RECORD EXTRACTS:
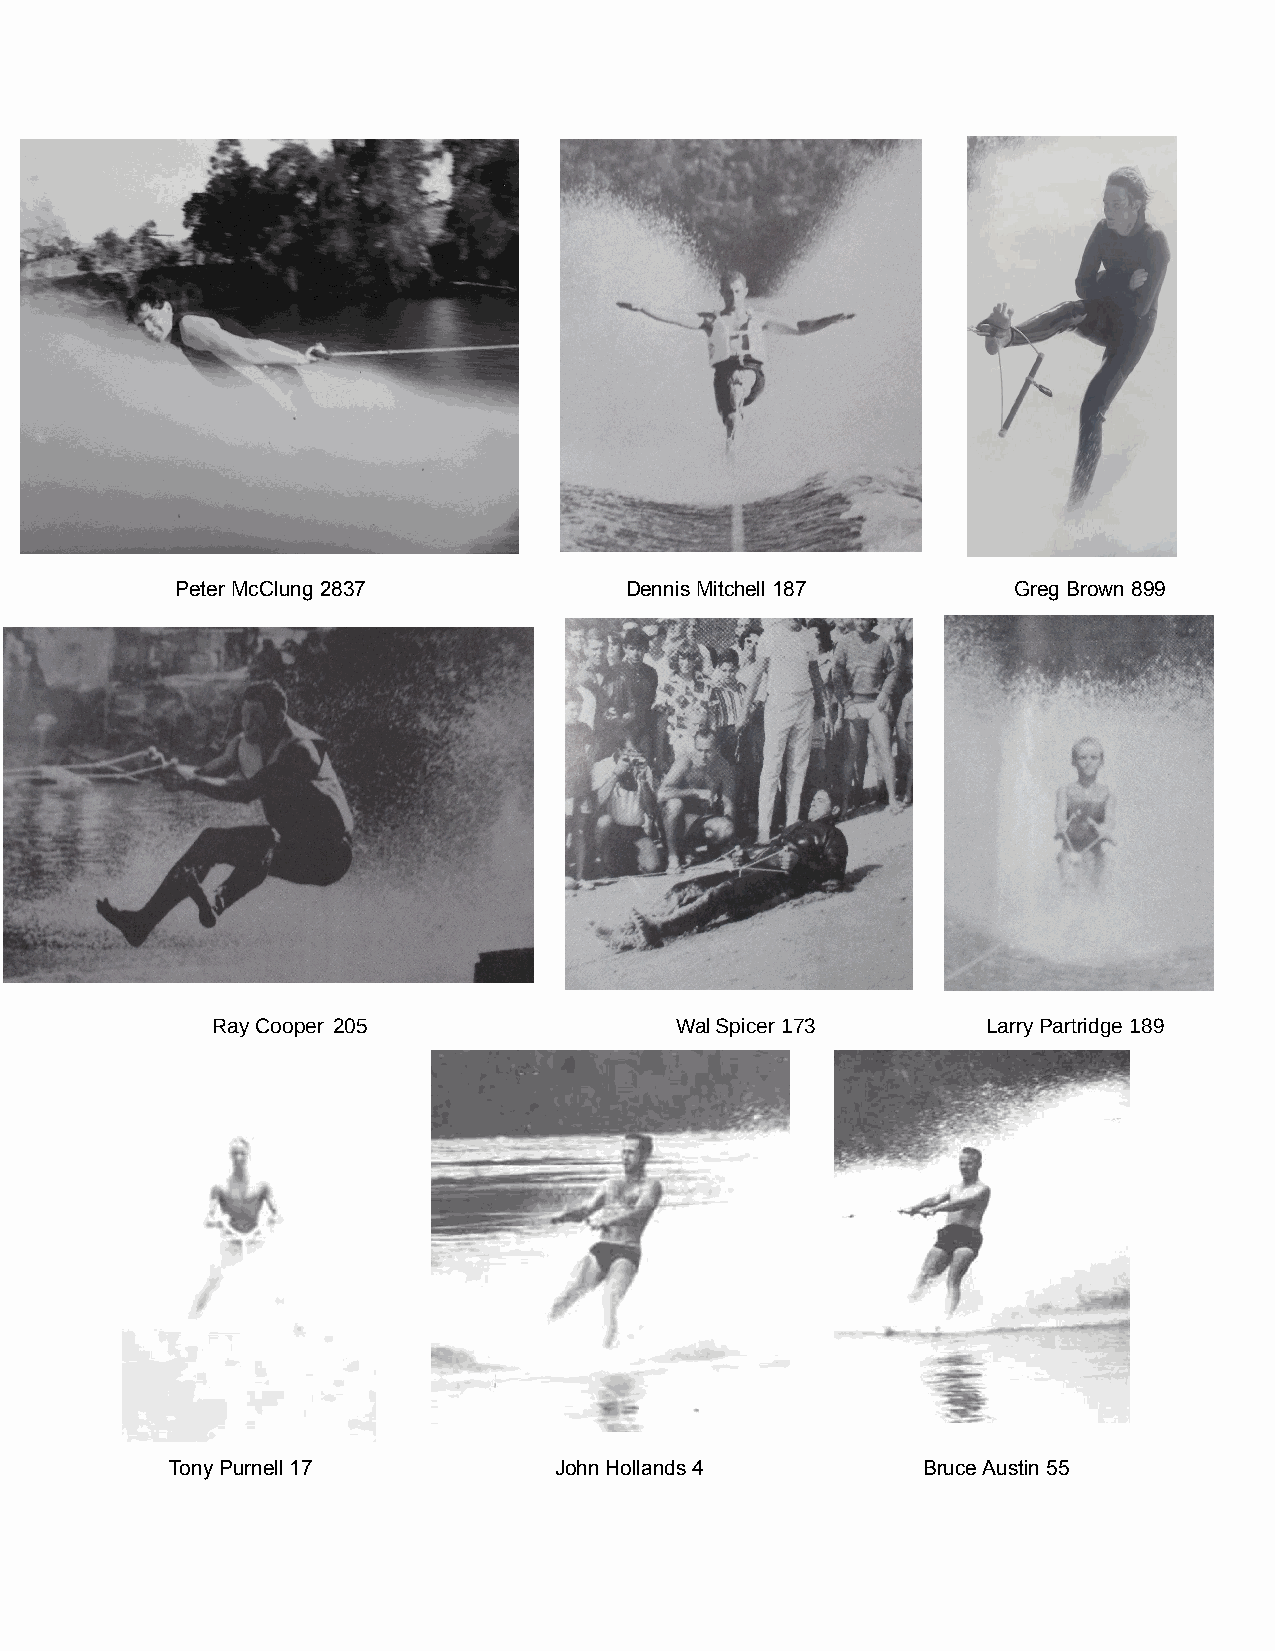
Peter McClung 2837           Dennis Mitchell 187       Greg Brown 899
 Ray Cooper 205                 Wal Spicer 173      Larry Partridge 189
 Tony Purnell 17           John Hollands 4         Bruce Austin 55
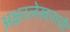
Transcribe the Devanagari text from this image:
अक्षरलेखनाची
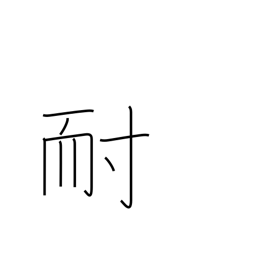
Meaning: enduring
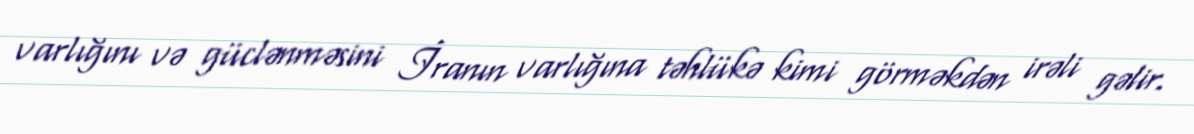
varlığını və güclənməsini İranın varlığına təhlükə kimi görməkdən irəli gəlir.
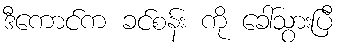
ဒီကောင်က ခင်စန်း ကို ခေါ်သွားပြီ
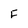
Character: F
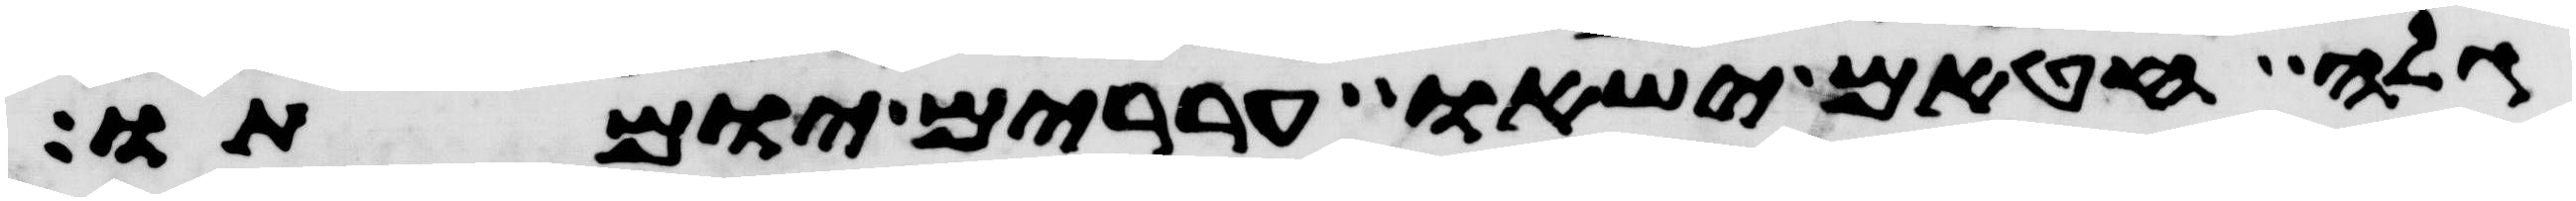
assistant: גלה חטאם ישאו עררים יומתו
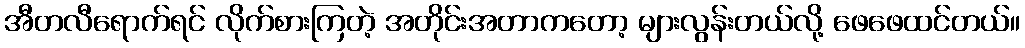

WHAT YOU NEED TO DO:
Exactly the lines from the line with "Transcribe the Devanagari" through the end of the data are to be reproduced, and no picture is to be included.

RESULT FOR THIS TASK:
Transcribe the Devanagari text from this image:
अक्षरलेखनाची
Meaning: enduring
varlığını və güclənməsini İranın varlığına təhlükə kimi görməkdən irəli gəlir.
ဒီကောင်က ခင်စန်း ကို ခေါ်သွားပြီ
Character: F
assistant: גלה חטאם ישאו עררים יומתו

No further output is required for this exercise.